Recent advancements in Lithium–sulfur (Li─S) batteries have significantly improved cell-specific energy, while challenges persist in improving volumetric energy and cell cycle life. In this study, a design principle is elucidated to enhance sulfur utilization in high-density and high-sulfur-content electrodes using a liquid-templated shear-rolling method. The findings indicate that a vascular-like hierarchical electrode structure and compatible liquid electrolytes are critical for improving electrolyte permeability in dense electrodes, achieving high sulfur utilization (>1200 mAh g⁻¹) under practical conditions (47% cathode porosity, S loading 4.5 mg cm⁻², S content 70%, E/S 4 mL g⁻¹). Li─S pouch cells are demonstrated with an exceptionally high volumetric energy density (668 Wh L⁻¹) and extended cycle life by integrating the optimized electrode structures and electrolytes.
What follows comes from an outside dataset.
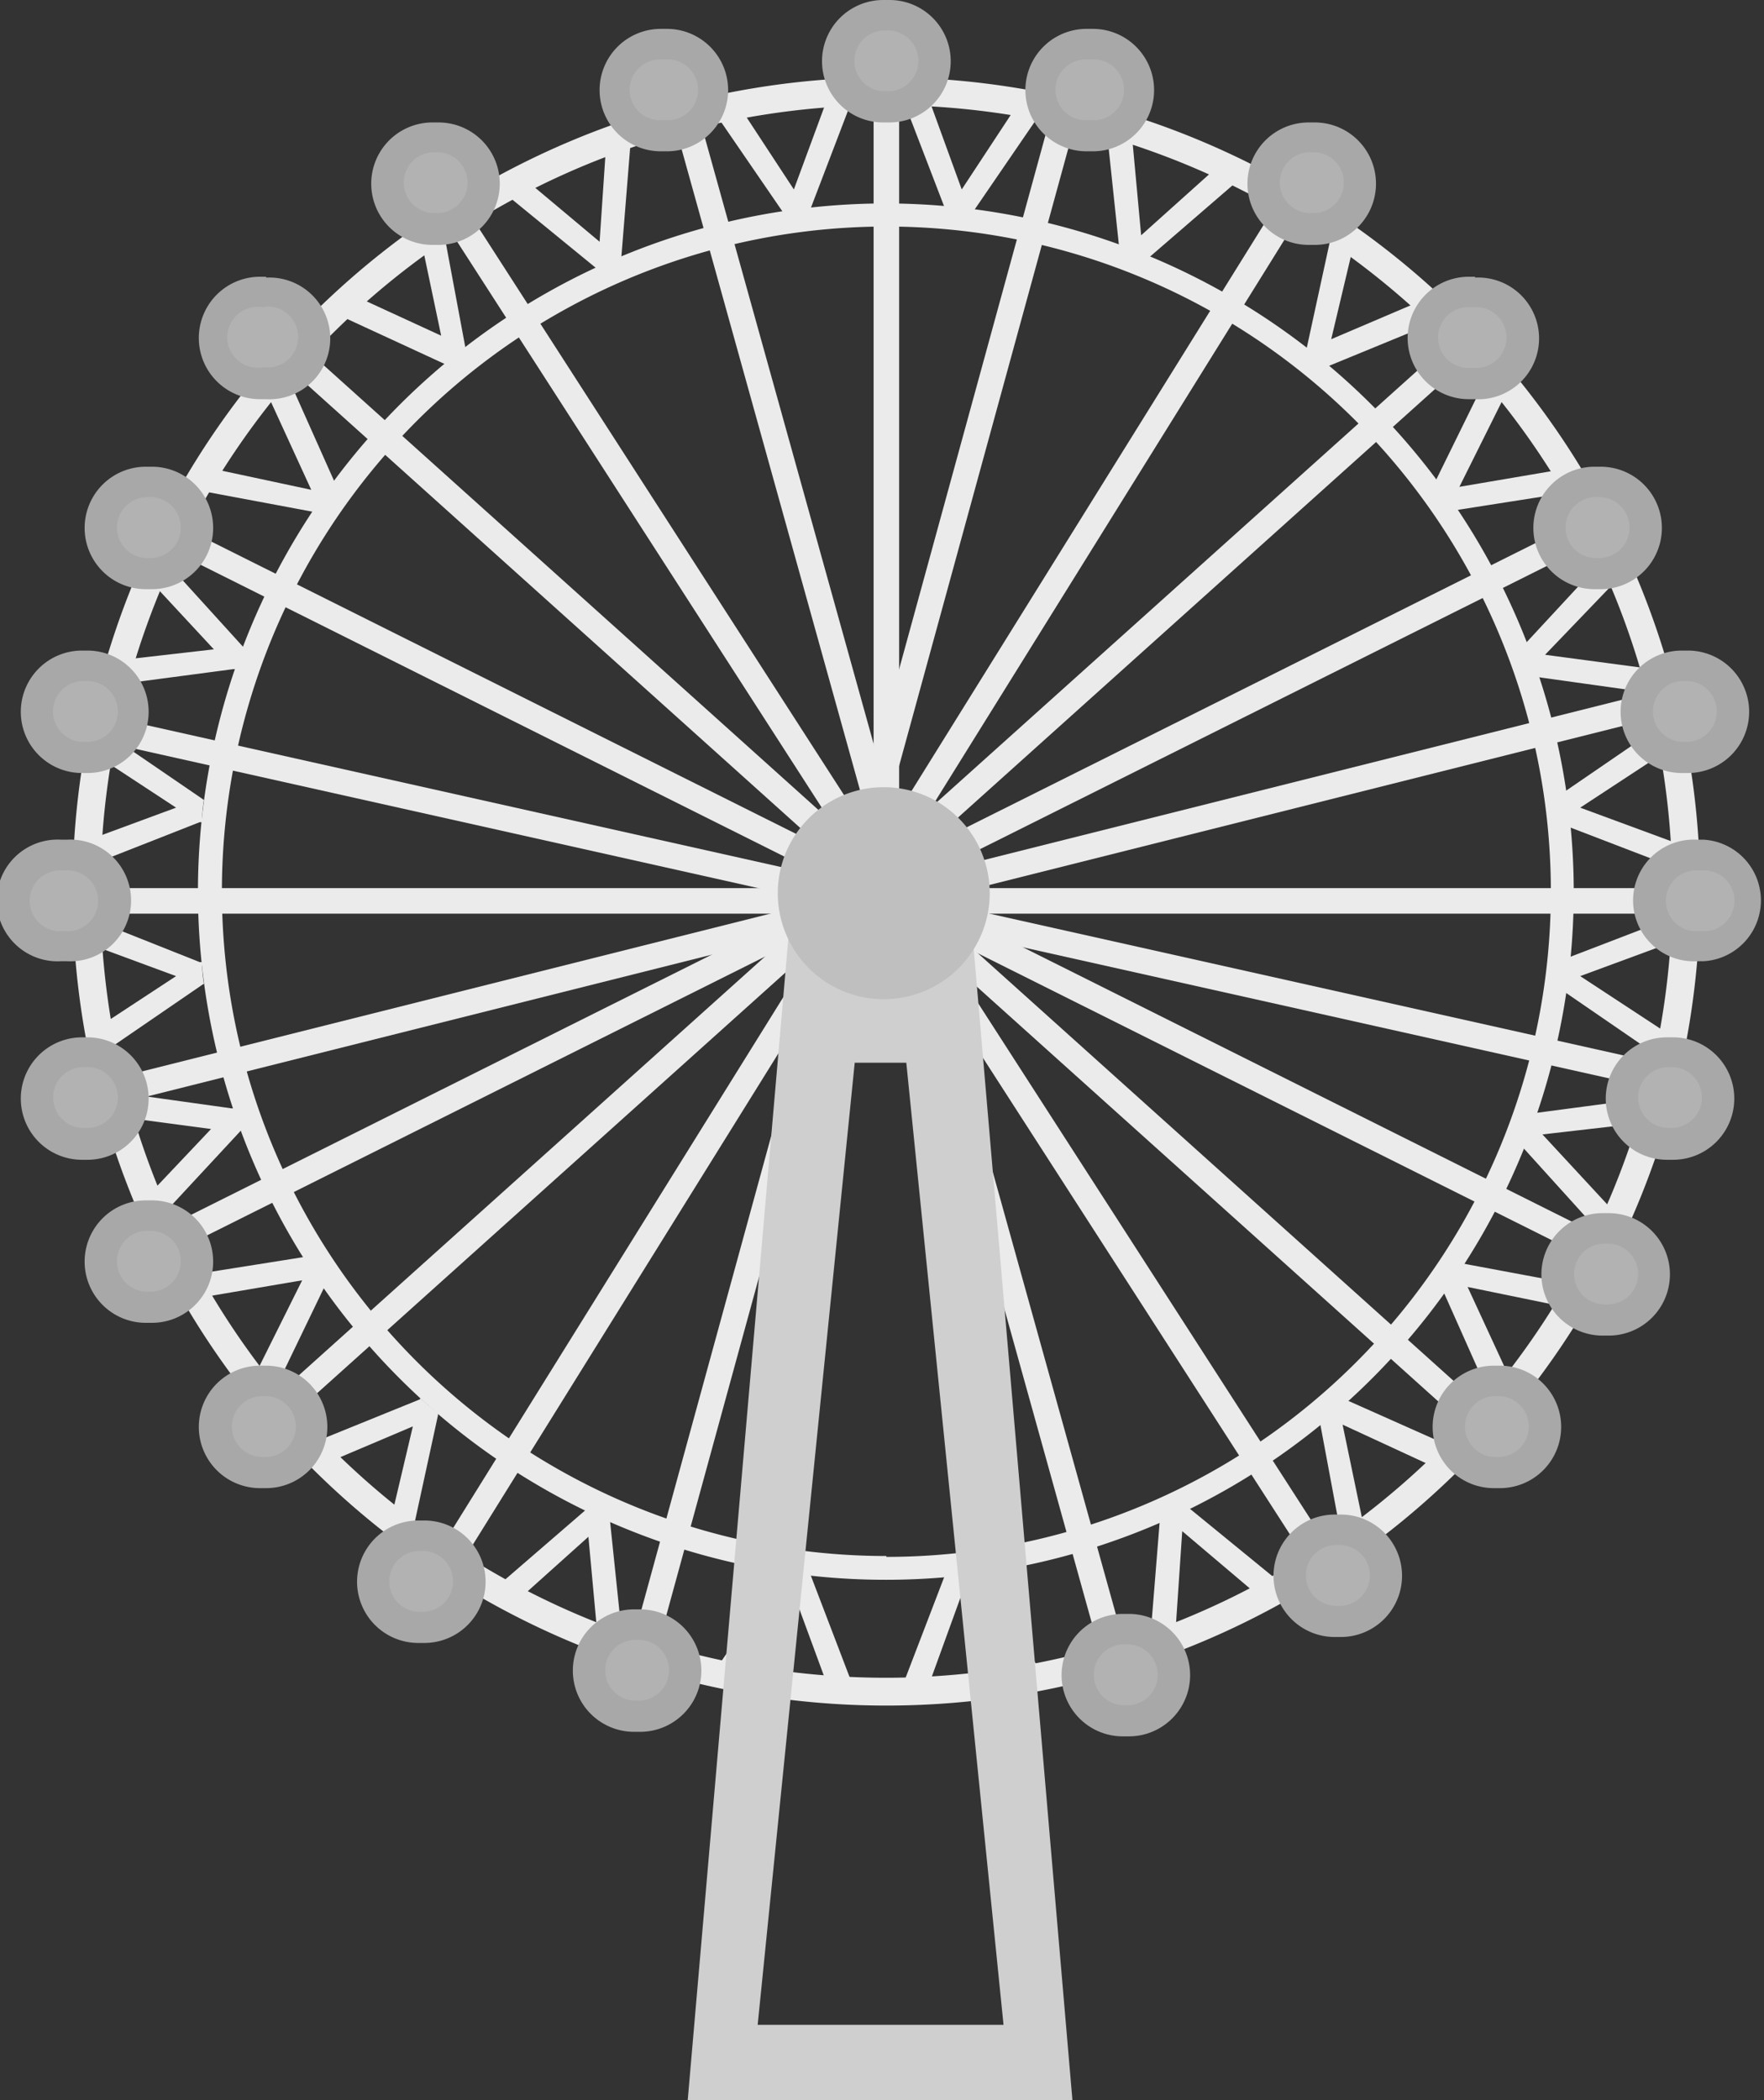 <?xml version="1.0" encoding="UTF-8"?> <svg xmlns="http://www.w3.org/2000/svg" viewBox="0 0 100.88 120.05"><rect x="0" y="0" width="100.88" height="120.05" fill="#333333" stroke="none"/> <defs> <style>.cls-1{fill:#ebebeb;}.cls-2{fill:#a8a8a8;}.cls-3{fill:#b2b2b2;}.cls-4{fill:#cfcfcf;}.cls-5{fill:#bfbfbf;}</style> </defs> <title>circle</title> <g id="Слой_2" data-name="Слой 2"> <g id="Layer_1" data-name="Layer 1"> <path class="cls-1" d="M52.92,5.11,55,10.83l3.29-5c.5.09,1,.15,1.52.2l0,0-4.3,6.28-.07.1a10.94,10.94,0,0,0-1.31-.14l0-.12L51.55,5.44A10.92,10.92,0,0,0,52.92,5.11Z"></path> <path class="cls-1" d="M47.51,96.86,45.4,91.13l-3.28,5c-.51-.09-1-.15-1.53-.2l0,0,4.31-6.29.06-.09c.42.07.86.11,1.31.14l0,.12,2.58,6.75A10.92,10.92,0,0,0,47.51,96.86Z"></path> <path class="cls-1" d="M47.51,5.11,45.4,10.83l-3.28-5c-.51.09-1,.15-1.53.2l0,0,4.31,6.28.06.1a10.94,10.94,0,0,1,1.31-.14l0-.12,2.58-6.75A10.92,10.92,0,0,1,47.51,5.11Z"></path> <path class="cls-1" d="M52.92,96.86,55,91.13l3.29,5c.5-.09,1-.15,1.52-.2l0,0-4.3-6.29-.07-.09c-.42.07-.86.11-1.31.14l0,.12-2.59,6.75A10.92,10.92,0,0,1,52.92,96.86Z"></path> <path class="cls-1" d="M34.7,7.73l-.41,6.09L29.73,10c-.45.23-.92.43-1.4.62l0,0,5.9,4.82.1.08A10.22,10.22,0,0,1,35.52,15v-.13l.58-7.2A9.52,9.52,0,0,1,34.7,7.73Z"></path> <path class="cls-1" d="M67.2,93.61l.41-6.08,4.56,3.86c.45-.23.92-.44,1.4-.63l0,0-5.9-4.82-.1-.07a12.21,12.21,0,0,1-1.21.5v.13l-.58,7.2A13.31,13.31,0,0,1,67.2,93.61Z"></path> <path class="cls-1" d="M8.08,32.65l4.15,4.47L6.3,37.8c-.15.49-.32,1-.51,1.45v0l7.56-1,.12,0A11.69,11.69,0,0,1,13.93,37l-.09-.09L9,31.58A11.78,11.78,0,0,1,8.08,32.65Z"></path> <path class="cls-1" d="M92.35,69.32l-4.14-4.47,5.92-.68c.15-.49.33-1,.51-1.45v0l-7.55,1-.12,0c-.13.4-.28.81-.46,1.23l.08.09,4.85,5.36A10.47,10.47,0,0,1,92.35,69.32Z"></path> <path class="cls-1" d="M6.07,63.74l6,.8L8,68.84c.2.47.37,1,.53,1.44l0,0,5.19-5.59.08-.09a10.6,10.6,0,0,1-.43-1.24l-.13,0-7.15-1A11.06,11.06,0,0,1,6.07,63.74Z"></path> <path class="cls-1" d="M94.36,38.23l-6-.8,4.13-4.3c-.2-.47-.37-1-.53-1.44l0,0-5.18,5.59-.08.09a12.84,12.84,0,0,1,.43,1.24h.12l7.15,1A13.27,13.27,0,0,1,94.36,38.23Z"></path> <path class="cls-1" d="M64.7,7.38l.56,6.07,4.46-4c.46.21.94.4,1.42.58l0,0-5.79,5-.09.08a11.05,11.05,0,0,0-1.22-.48v-.13l-.76-7.18A13.28,13.28,0,0,0,64.7,7.38Z"></path> <path class="cls-1" d="M34.21,93.92l-.56-6.07-4.46,4c-.46-.22-.94-.41-1.42-.59l0,0,5.79-5,.09-.08a11.05,11.05,0,0,0,1.22.48v.13L35.62,94A9.49,9.49,0,0,0,34.21,93.92Z"></path> <path class="cls-1" d="M15.24,22.42,17.8,28,12,26.76c-.29.42-.61.82-.93,1.22v0l7.49,1.4.12,0a12.75,12.75,0,0,1,.82-1l-.05-.12-2.94-6.59A11.43,11.43,0,0,1,15.24,22.42Z"></path> <path class="cls-1" d="M19.69,16.64l5.54,2.55L24,13.34c.42-.29.82-.6,1.22-.93h0l1.4,7.49,0,.12a12.75,12.75,0,0,0-1,.82l-.12,0L19,17.84A12.39,12.39,0,0,0,19.69,16.64Z"></path> <path class="cls-1" d="M82.32,84l-5.54-2.56L78,87.3c-.42.29-.83.61-1.22.94h0l-1.4-7.49,0-.12a12.21,12.21,0,0,0,1-.82l.12,0,6.6,2.94A11.51,11.51,0,0,0,82.32,84Z"></path> <path class="cls-1" d="M86.49,79.11l-2.56-5.54,5.85,1.2c.29-.42.61-.82.94-1.22v0l-7.49-1.4-.12,0a10.87,10.87,0,0,1-.82,1l0,.11,2.94,6.6A11.43,11.43,0,0,1,86.49,79.11Z"></path> <path class="cls-1" d="M4.35,53.69l5.72,2.11-5,3.28c.09.51.16,1,.2,1.53l0,0,6.29-4.31.1-.06A10.92,10.92,0,0,1,11.54,55l-.12,0L4.68,52.32A10.92,10.92,0,0,1,4.35,53.69Z"></path> <path class="cls-1" d="M4.35,48.28l5.72-2.11-5-3.28c.09-.51.16-1,.2-1.53l0,0,6.29,4.3.1.07A10.92,10.92,0,0,0,11.54,47l-.12,0L4.68,49.65A10.92,10.92,0,0,0,4.35,48.28Z"></path> <path class="cls-1" d="M96.09,53.69,90.37,55.8l5,3.28c-.09.51-.15,1-.2,1.53l0,0-6.28-4.31-.1-.06A10.94,10.94,0,0,0,88.89,55l.12,0,6.75-2.59A10.92,10.92,0,0,0,96.09,53.69Z"></path> <path class="cls-1" d="M96.09,48.28l-5.72-2.11,5-3.28c-.09-.51-.15-1-.2-1.53l0,0-6.28,4.3-.1.07A10.94,10.94,0,0,1,88.89,47l.12,0,6.75,2.59A10.92,10.92,0,0,1,96.09,48.28Z"></path> <path class="cls-1" d="M18,83.92l5.61-2.38-1.37,5.8c.41.31.8.63,1.19,1h0l1.62-7.45,0-.11a13,13,0,0,1-1-.85L24,80,17.34,82.7A9.86,9.86,0,0,1,18,83.92Z"></path> <path class="cls-1" d="M14.56,78.65l2.72-5.46-5.88,1c-.28-.42-.58-.84-.9-1.24v0L18,71.76l.12,0a11.08,11.08,0,0,0,.79,1.05l-.05.12-3.14,6.51A10.4,10.4,0,0,0,14.56,78.65Z"></path> <path class="cls-1" d="M86.18,22.37l-2.72,5.46,5.88-1c.28.43.58.84.9,1.24v0l-7.53,1.18-.11,0c-.24-.35-.5-.7-.79-1.05l0-.12L85,21.59A9.26,9.26,0,0,0,86.18,22.37Z"></path> <path class="cls-1" d="M81.74,17l-5.61,2.39,1.38-5.81c-.41-.3-.81-.63-1.19-1h0l-1.62,7.45,0,.12a11.12,11.12,0,0,1,1,.84l.12,0,6.69-2.75A11.4,11.4,0,0,1,81.74,17Z"></path> <path class="cls-1" d="M50.69,4.42A46.54,46.54,0,1,0,97.23,51,46.6,46.6,0,0,0,50.69,4.42Zm0,91.49A44.95,44.95,0,1,1,95.64,51,45,45,0,0,1,50.69,95.91Z"></path> <path class="cls-1" d="M50.69,11.63A39.34,39.34,0,1,0,90,51,39.38,39.38,0,0,0,50.69,11.63Zm0,77.32a38,38,0,1,1,38-38A38,38,0,0,1,50.69,89Z"></path> <rect class="cls-1" x="49.96" y="5.22" width="1.46" height="46.03"></rect> <rect class="cls-1" x="4.55" y="50.77" width="92.56" height="1.46"></rect> <rect class="cls-1" x="50.82" y="5.22" width="1.46" height="92.56" transform="translate(-17.56 74.59) rotate(-63.45)"></rect> <rect class="cls-1" x="49.96" y="4.49" width="1.46" height="92.55" transform="translate(-20.95 54.55) rotate(-48.06)"></rect> <rect class="cls-1" x="50.1" y="4.49" width="1.46" height="92.55" transform="translate(-19.4 35.63) rotate(-32.8)"></rect> <rect class="cls-1" x="50.82" y="4.69" width="1.46" height="92.56" transform="translate(-11.78 15.69) rotate(-15.56)"></rect> <rect class="cls-1" x="49.23" y="5.22" width="1.46" height="92.56" transform="translate(-11.19 89.02) rotate(-77.4)"></rect> <rect class="cls-1" x="3.69" y="50.04" width="92.55" height="1.46" transform="translate(-17.42 27.67) rotate(-26.54)"></rect> <rect class="cls-1" x="3.68" y="49.35" width="92.55" height="1.46" transform="translate(-20.67 46.2) rotate(-41.92)"></rect> <rect class="cls-1" x="3.68" y="49.35" width="92.55" height="1.46" transform="translate(-18.95 66.04) rotate(-58.11)"></rect> <rect class="cls-1" x="2.65" y="49.35" width="92.56" height="1.46" transform="translate(-12.3 84.03) rotate(-74.67)"></rect> <rect class="cls-1" x="3.68" y="50.77" width="92.55" height="1.46" transform="translate(-11.03 13.71) rotate(-14.09)"></rect> <path class="cls-2" d="M38.14,1.65h-.35a3.48,3.48,0,1,0,0,7h.35a3.48,3.48,0,1,0,0-7Z"></path> <path class="cls-2" d="M62.5,1.65h-.36a3.48,3.48,0,0,0,0,7h.36a3.48,3.48,0,0,0,0-7Z"></path> <path class="cls-2" d="M50.87,0h-.36a3.48,3.48,0,0,0,0,7h.36a3.48,3.48,0,1,0,0-7Z"></path> <path class="cls-2" d="M75.19,7h-.35a3.48,3.48,0,0,0,0,7h.35a3.48,3.48,0,1,0,0-7Z"></path> <path class="cls-2" d="M25.08,7h-.35a3.48,3.48,0,0,0,0,7h.35a3.48,3.48,0,1,0,0-7Z"></path> <path class="cls-2" d="M15.22,15.82h-.35a3.48,3.48,0,1,0,0,7h.35a3.48,3.48,0,1,0,0-6.95Z"></path> <path class="cls-2" d="M5,37.19H4.69a3.48,3.48,0,1,0,0,7H5a3.48,3.48,0,0,0,0-7Z"></path> <path class="cls-2" d="M96.53,37.19h-.35a3.48,3.48,0,0,0,0,7h.35a3.48,3.48,0,1,0,0-7Z"></path> <path class="cls-2" d="M8.69,26.68H8.34a3.48,3.48,0,1,0,0,7h.35a3.48,3.48,0,1,0,0-7Z"></path> <path class="cls-2" d="M91.54,26.68h-.35a3.48,3.48,0,0,0,0,7h.35a3.48,3.48,0,0,0,0-7Z"></path> <path class="cls-2" d="M3.83,48H3.48a3.48,3.48,0,1,0,0,6.95h.35a3.48,3.48,0,1,0,0-6.95Z"></path> <path class="cls-2" d="M97.41,48h-.35a3.48,3.48,0,1,0,0,6.95h.35a3.48,3.48,0,0,0,0-6.95Z"></path> <path class="cls-2" d="M8.69,68.62H8.34a3.48,3.48,0,1,0,0,7h.35a3.48,3.48,0,1,0,0-7Z"></path> <path class="cls-2" d="M5,59.3H4.69a3.48,3.48,0,0,0,0,7H5a3.48,3.48,0,0,0,0-7Z"></path> <path class="cls-2" d="M95.68,59.3h-.35a3.48,3.48,0,0,0,0,7h.35a3.48,3.48,0,0,0,0-7Z"></path> <path class="cls-2" d="M92,69.35h-.35a3.48,3.48,0,0,0,0,7H92a3.48,3.48,0,0,0,0-7Z"></path> <path class="cls-2" d="M15.22,78.07h-.35a3.48,3.48,0,1,0,0,7h.35a3.48,3.48,0,0,0,0-7Z"></path> <path class="cls-2" d="M85.78,78.07h-.35a3.48,3.48,0,1,0,0,7h.35a3.48,3.48,0,1,0,0-7Z"></path> <path class="cls-2" d="M36.61,92h-.35a3.48,3.48,0,1,0,0,7h.35a3.48,3.48,0,0,0,0-7Z"></path> <path class="cls-2" d="M24.27,86.92h-.35a3.48,3.48,0,0,0,0,7h.35a3.48,3.48,0,1,0,0-7Z"></path> <path class="cls-2" d="M76.68,86.58h-.35a3.48,3.48,0,0,0,0,7h.35a3.48,3.48,0,0,0,0-7Z"></path> <path class="cls-2" d="M64.56,92.26h-.35a3.48,3.48,0,0,0,0,7h.35a3.48,3.48,0,0,0,0-7Z"></path> <path class="cls-2" d="M84.37,15.82H84a3.48,3.48,0,1,0,0,7h.35a3.48,3.48,0,1,0,0-6.95Z"></path> <path class="cls-3" d="M38.05,3.4h-.17a1.74,1.74,0,1,0,0,3.47h.17a1.74,1.74,0,1,0,0-3.47Z"></path> <path class="cls-3" d="M62.41,3.4h-.18a1.74,1.74,0,1,0,0,3.47h.18a1.74,1.74,0,1,0,0-3.47Z"></path> <path class="cls-3" d="M50.78,1.74H50.6a1.74,1.74,0,0,0,0,3.48h.18a1.74,1.74,0,1,0,0-3.48Z"></path> <path class="cls-3" d="M75.11,8.7h-.18a1.74,1.74,0,0,0,0,3.48h.18a1.74,1.74,0,0,0,0-3.48Z"></path> <path class="cls-3" d="M25,8.7h-.17a1.74,1.74,0,0,0,0,3.48H25A1.74,1.74,0,1,0,25,8.7Z"></path> <path class="cls-3" d="M15.14,17.56H15A1.74,1.74,0,1,0,15,21h.18a1.74,1.74,0,1,0,0-3.47Z"></path> <path class="cls-3" d="M5,38.93H4.77a1.74,1.74,0,0,0,0,3.48H5a1.74,1.74,0,1,0,0-3.48Z"></path> <path class="cls-3" d="M96.44,38.93h-.17a1.74,1.74,0,0,0,0,3.48h.17a1.74,1.74,0,1,0,0-3.48Z"></path> <path class="cls-3" d="M8.6,28.42H8.43a1.74,1.74,0,0,0,0,3.48H8.6a1.74,1.74,0,1,0,0-3.48Z"></path> <path class="cls-3" d="M91.45,28.42h-.18a1.74,1.74,0,1,0,0,3.48h.18a1.74,1.74,0,0,0,0-3.48Z"></path> <path class="cls-3" d="M3.74,49.76H3.57a1.74,1.74,0,1,0,0,3.47h.17a1.74,1.74,0,1,0,0-3.47Z"></path> <path class="cls-3" d="M97.32,49.76h-.18a1.74,1.74,0,1,0,0,3.47h.18a1.74,1.74,0,1,0,0-3.47Z"></path> <path class="cls-3" d="M8.6,70.36H8.43a1.74,1.74,0,1,0,0,3.48H8.6a1.74,1.74,0,1,0,0-3.48Z"></path> <path class="cls-3" d="M5,61H4.78a1.74,1.74,0,0,0,0,3.48H5A1.74,1.74,0,1,0,5,61Z"></path> <path class="cls-3" d="M95.59,61h-.17a1.74,1.74,0,1,0,0,3.48h.17a1.74,1.74,0,0,0,0-3.48Z"></path> <path class="cls-3" d="M91.94,71.09h-.18a1.74,1.74,0,0,0,0,3.48h.18a1.74,1.74,0,1,0,0-3.48Z"></path> <path class="cls-3" d="M15.14,79.81H15a1.74,1.74,0,1,0,0,3.48h.18a1.74,1.74,0,0,0,0-3.48Z"></path> <path class="cls-3" d="M85.69,79.81h-.17a1.74,1.74,0,1,0,0,3.48h.17a1.74,1.74,0,1,0,0-3.48Z"></path> <path class="cls-3" d="M36.52,93.74h-.17a1.74,1.74,0,0,0,0,3.48h.17a1.74,1.74,0,0,0,0-3.48Z"></path> <path class="cls-3" d="M24.18,88.66H24a1.74,1.74,0,0,0,0,3.48h.17a1.74,1.74,0,0,0,0-3.48Z"></path> <path class="cls-3" d="M76.6,88.32h-.18a1.74,1.74,0,0,0,0,3.48h.18a1.74,1.74,0,0,0,0-3.48Z"></path> <path class="cls-3" d="M64.47,94h-.18a1.74,1.74,0,0,0,0,3.48h.18a1.74,1.74,0,0,0,0-3.48Z"></path> <path class="cls-3" d="M84.28,17.56h-.17a1.74,1.74,0,1,0,0,3.47h.17a1.74,1.74,0,1,0,0-3.47Z"></path> <path class="cls-4" d="M55.39,50.81H45.33l-6,69.24h22ZM43.33,115.75l5.55-55h2.95l5.56,55Z"></path> <path class="cls-5" d="M50.54,45A6.06,6.06,0,1,0,56.6,51,6.06,6.06,0,0,0,50.54,45Z"></path> </g> </g> </svg>

This study advances understanding and design of high volumetric energy Li─S cells. Additionally, the proposed templated shear-rolling technique shows potential for application in the fabrication of other high-energy electrodes.

Abstract Image

查看原文本刊更多论文

通过高密度、低涡度硫电极提高锂硫电池的体积能量密度

锂硫（Li─S）电池的最新进展显著提高了电池的比能量，但在提高体积能量和电池循环寿命方面仍然存在挑战。在本研究中，阐明了一种利用液体模板剪切轧制法提高高密度高硫电极硫利用率的设计原则。研究结果表明，血管状分层电极结构和兼容的液体电解质是提高致密电极中电解质渗透率的关键，在实际条件下（阴极孔隙率47%，S负载4.5 mg cm−2，S含量70%，E/S为4 mL g−1）实现高硫利用率（>1200 mAh g−1）。通过集成优化的电极结构和电解质，Li─S袋电池具有极高的体积能量密度（668 Wh L−1）和延长的循环寿命。这项研究促进了对高体积能量锂离子电池的理解和设计。此外，所提出的模板剪切轧制技术在制造其他高能电极方面具有应用潜力。

本文章由计算机程序翻译，如有差异，请以英文原文为准。

求助全文

约1分钟内获得全文求助全文

来源期刊

Advanced Energy Materials CHEMISTRY, PHYSICAL-ENERGY & FUELS

CiteScore

41.90

自引率

4.00%

发文量

889

审稿时长

1.4 months

期刊介绍： Established in 2011, Advanced Energy Materials is an international, interdisciplinary, English-language journal that focuses on materials used in energy harvesting, conversion, and storage. It is regarded as a top-quality journal alongside Advanced Materials, Advanced Functional Materials, and Small. With a 2022 Impact Factor of 27.8, Advanced Energy Materials is considered a prime source for the best energy-related research. The journal covers a wide range of topics in energy-related research, including organic and inorganic photovoltaics, batteries and supercapacitors, fuel cells, hydrogen generation and storage, thermoelectrics, water splitting and photocatalysis, solar fuels and thermosolar power, magnetocalorics, and piezoelectronics. The readership of Advanced Energy Materials includes materials scientists, chemists, physicists, and engineers in both academia and industry. The journal is indexed in various databases and collections, such as Advanced Technologies & Aerospace Database, FIZ Karlsruhe, INSPEC (IET), Science Citation Index Expanded, Technology Collection, and Web of Science, among others.